***** The input *****

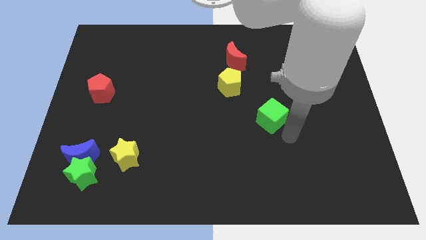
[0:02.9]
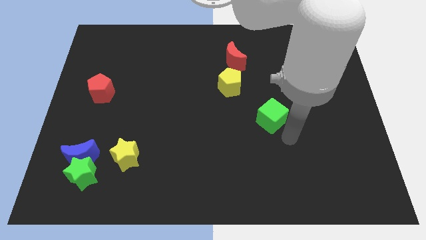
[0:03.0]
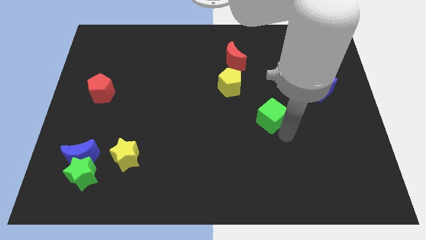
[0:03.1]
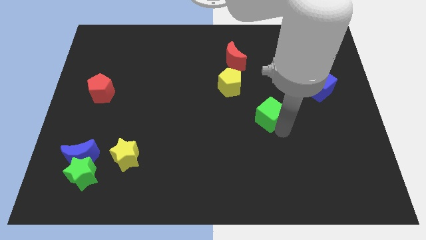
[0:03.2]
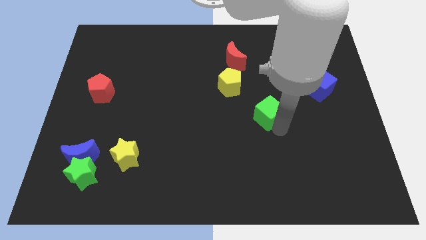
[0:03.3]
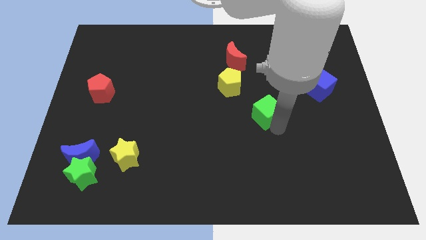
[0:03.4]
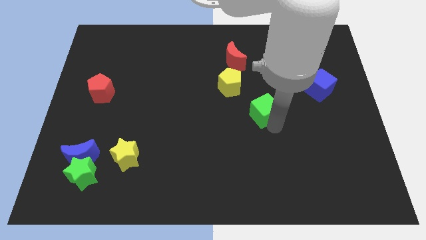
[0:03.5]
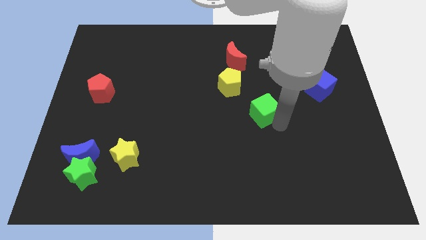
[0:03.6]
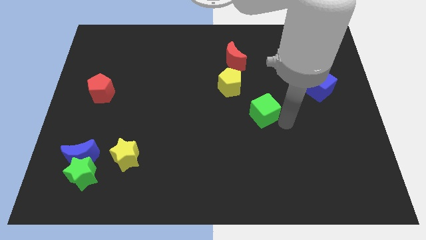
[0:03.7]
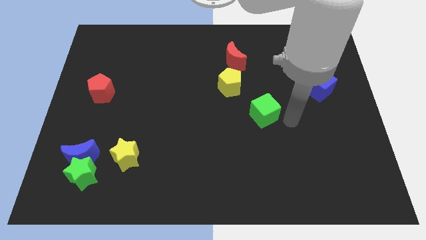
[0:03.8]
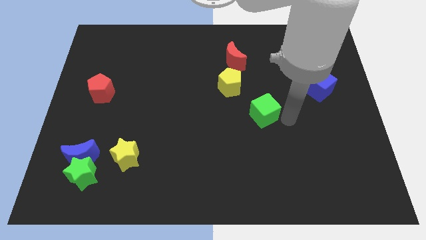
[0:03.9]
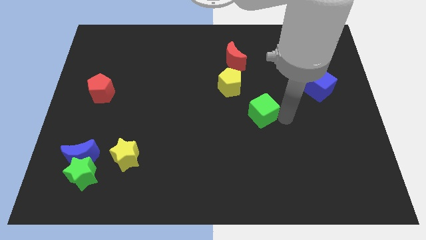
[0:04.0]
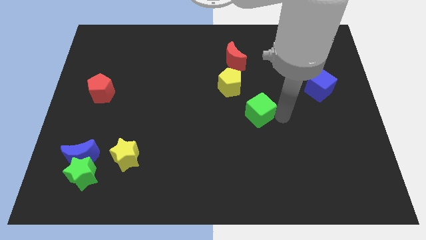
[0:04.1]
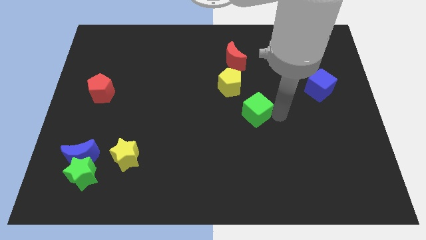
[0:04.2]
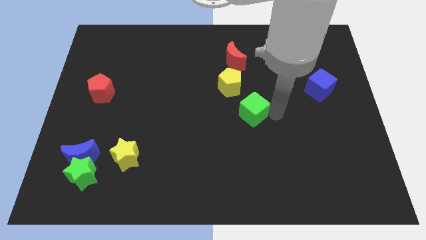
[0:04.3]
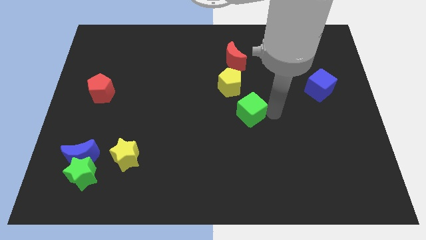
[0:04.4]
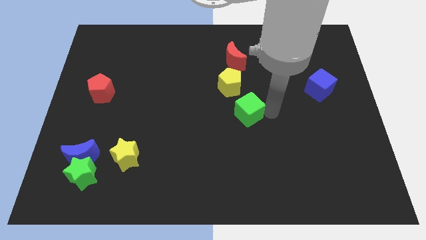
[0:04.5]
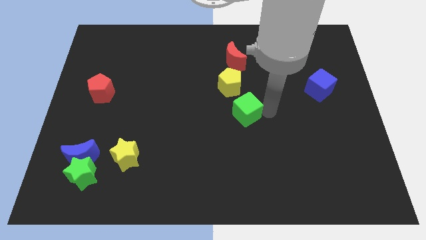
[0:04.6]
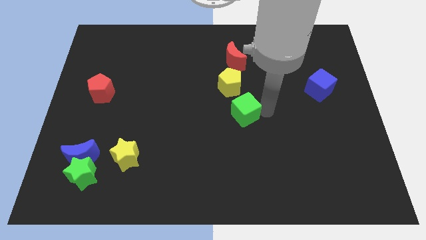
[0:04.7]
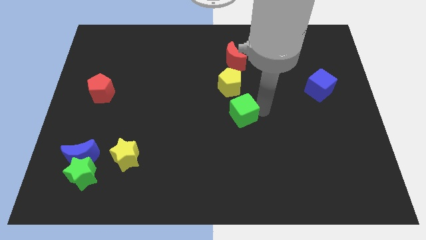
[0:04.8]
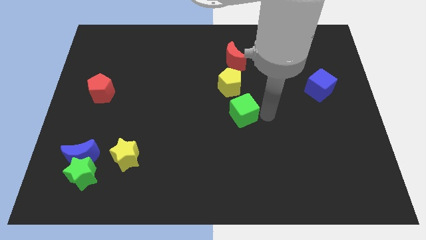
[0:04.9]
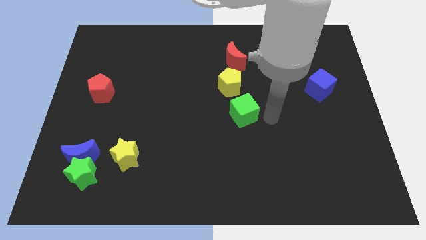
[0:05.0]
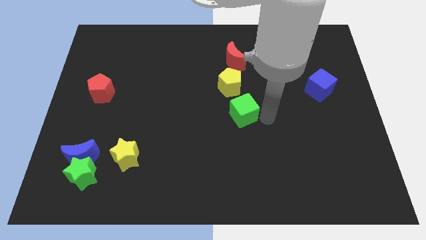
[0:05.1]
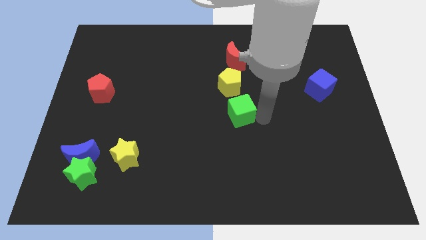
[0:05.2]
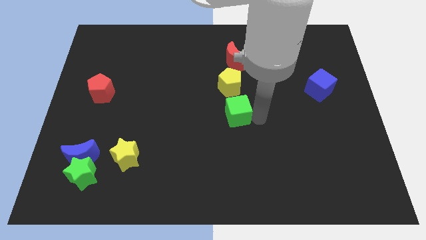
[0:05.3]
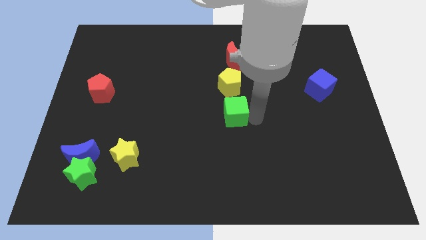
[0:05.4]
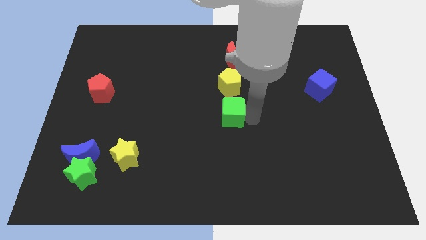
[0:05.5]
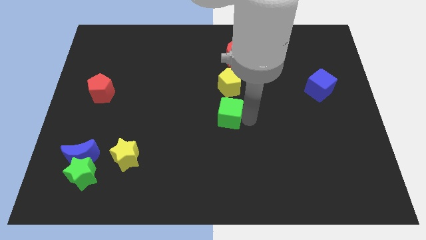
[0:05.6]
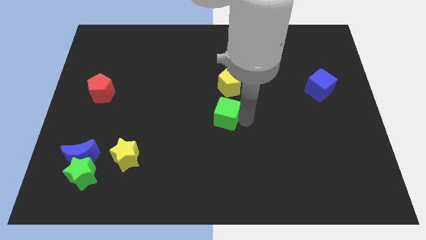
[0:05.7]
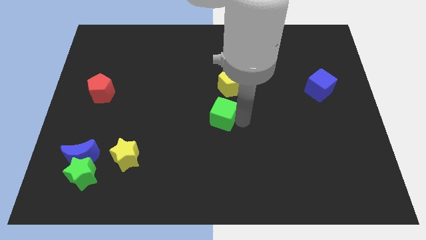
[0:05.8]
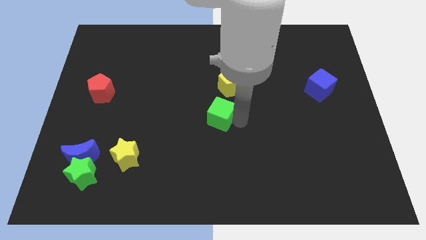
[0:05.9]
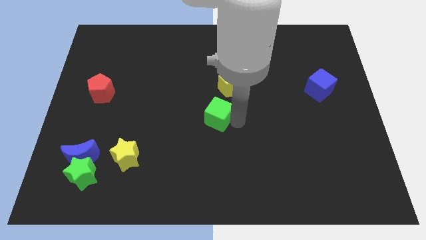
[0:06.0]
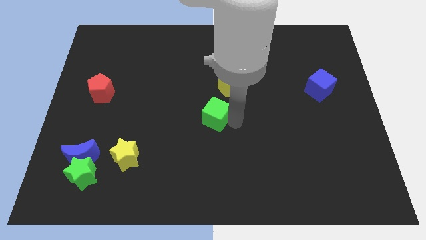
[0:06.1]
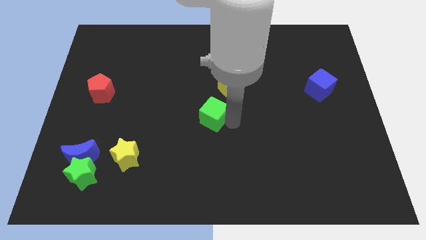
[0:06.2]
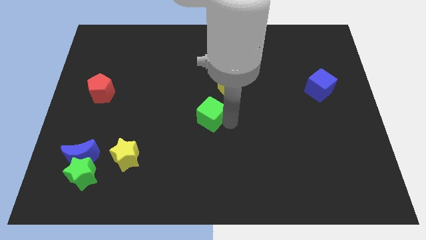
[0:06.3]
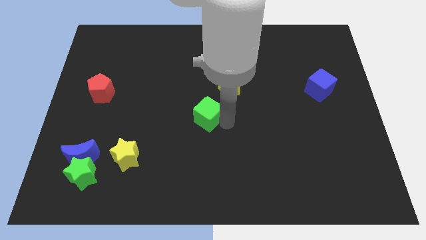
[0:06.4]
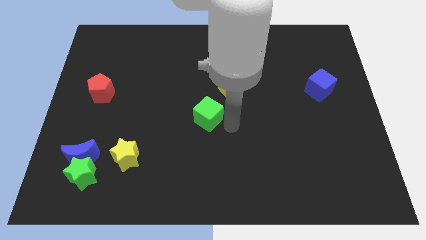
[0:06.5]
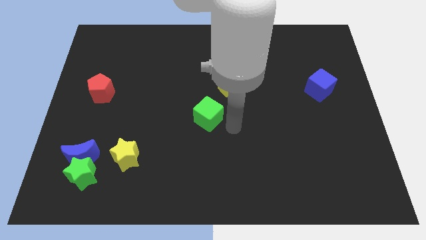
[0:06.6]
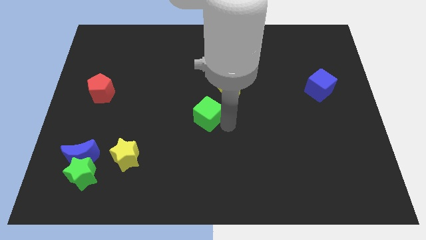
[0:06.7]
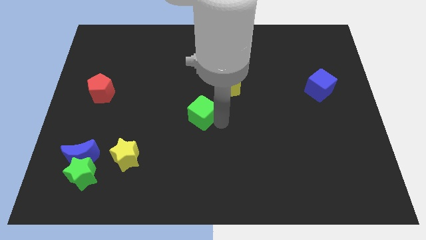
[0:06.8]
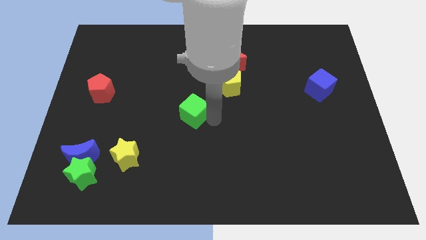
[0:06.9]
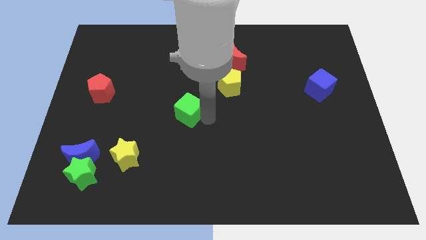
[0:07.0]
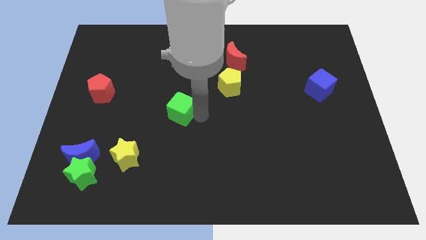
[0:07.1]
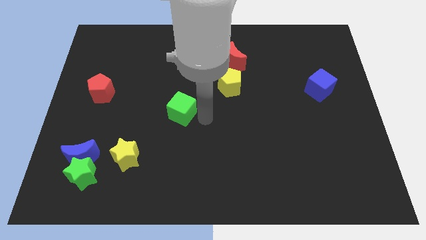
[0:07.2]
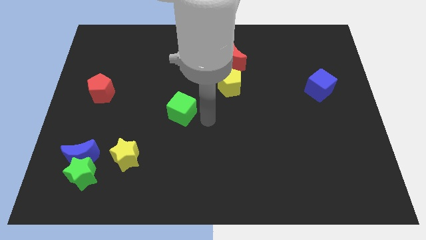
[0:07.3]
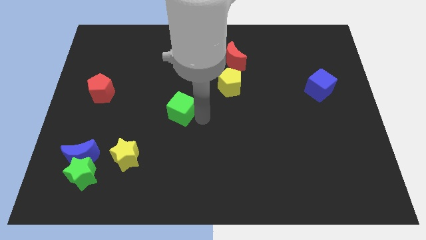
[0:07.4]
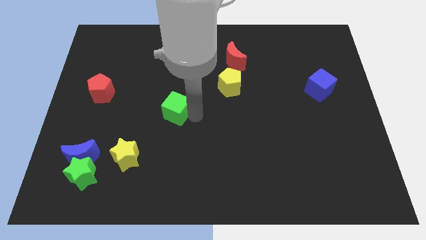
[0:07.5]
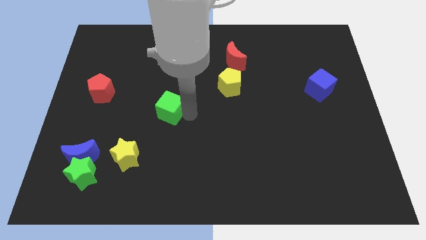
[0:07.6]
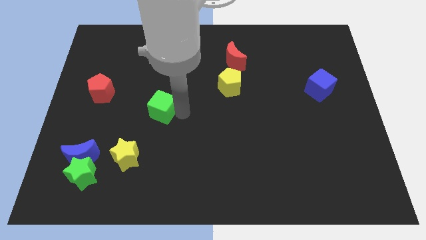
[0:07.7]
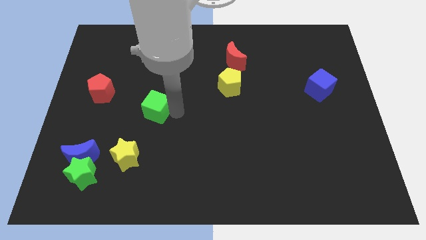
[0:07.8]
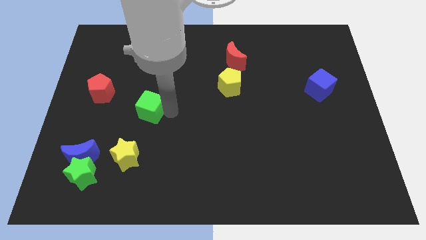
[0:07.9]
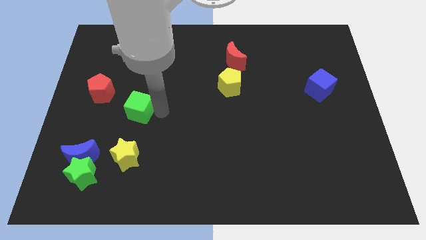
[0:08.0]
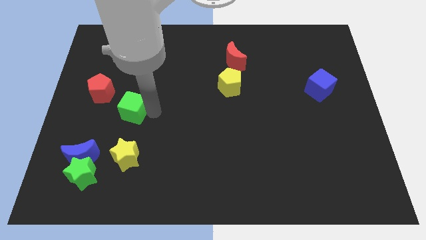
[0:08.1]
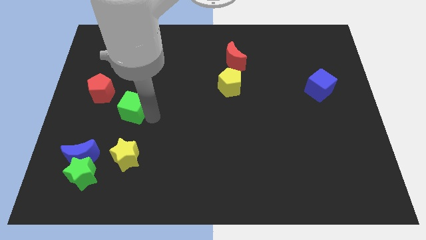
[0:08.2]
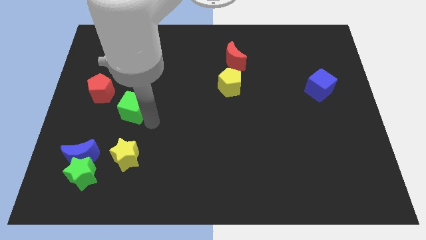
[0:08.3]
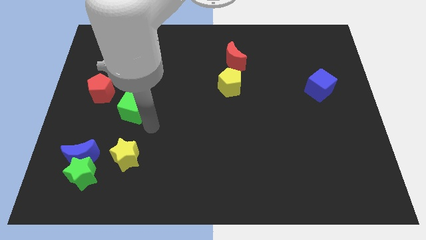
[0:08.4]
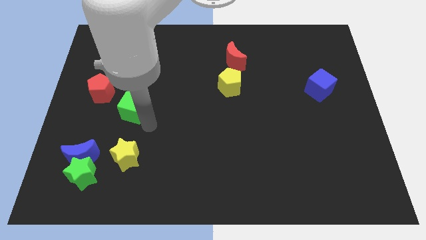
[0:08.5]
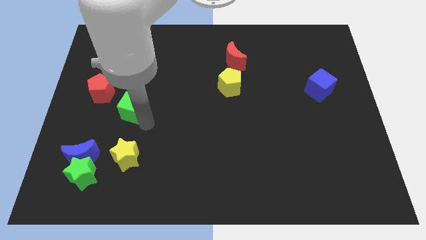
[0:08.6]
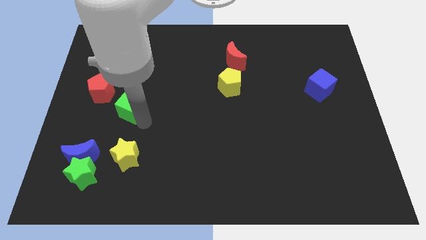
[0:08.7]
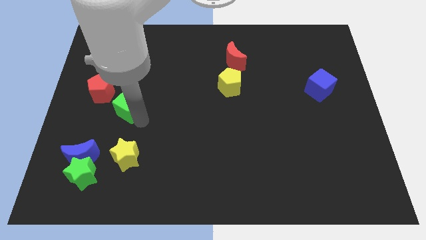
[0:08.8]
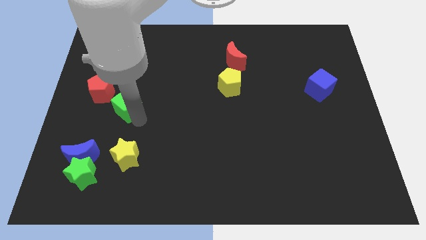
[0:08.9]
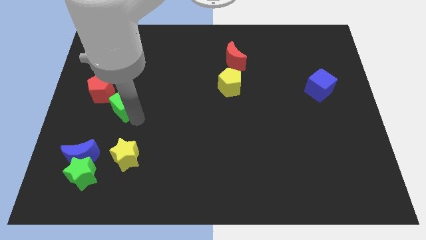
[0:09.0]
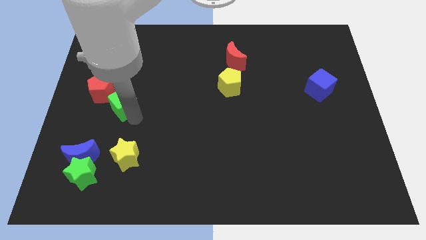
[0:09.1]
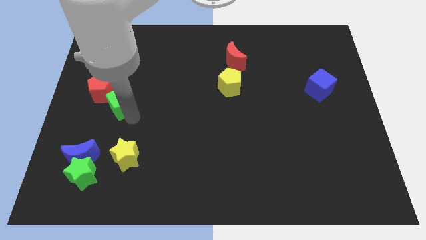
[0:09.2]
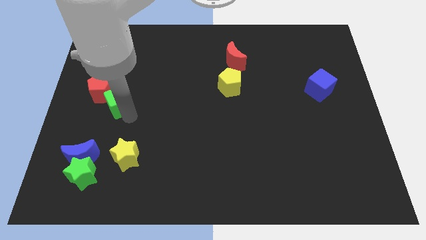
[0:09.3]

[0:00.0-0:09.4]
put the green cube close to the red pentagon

*****

**What to work on**
Reproduce the full listing above verbatim, with no pictures included.

**Solution to this task**
[0:02.9]
[0:03.0]
[0:03.1]
[0:03.2]
[0:03.3]
[0:03.4]
[0:03.5]
[0:03.6]
[0:03.7]
[0:03.8]
[0:03.9]
[0:04.0]
[0:04.1]
[0:04.2]
[0:04.3]
[0:04.4]
[0:04.5]
[0:04.6]
[0:04.7]
[0:04.8]
[0:04.9]
[0:05.0]
[0:05.1]
[0:05.2]
[0:05.3]
[0:05.4]
[0:05.5]
[0:05.6]
[0:05.7]
[0:05.8]
[0:05.9]
[0:06.0]
[0:06.1]
[0:06.2]
[0:06.3]
[0:06.4]
[0:06.5]
[0:06.6]
[0:06.7]
[0:06.8]
[0:06.9]
[0:07.0]
[0:07.1]
[0:07.2]
[0:07.3]
[0:07.4]
[0:07.5]
[0:07.6]
[0:07.7]
[0:07.8]
[0:07.9]
[0:08.0]
[0:08.1]
[0:08.2]
[0:08.3]
[0:08.4]
[0:08.5]
[0:08.6]
[0:08.7]
[0:08.8]
[0:08.9]
[0:09.0]
[0:09.1]
[0:09.2]
[0:09.3]

[0:00.0-0:09.4]
put the green cube close to the red pentagon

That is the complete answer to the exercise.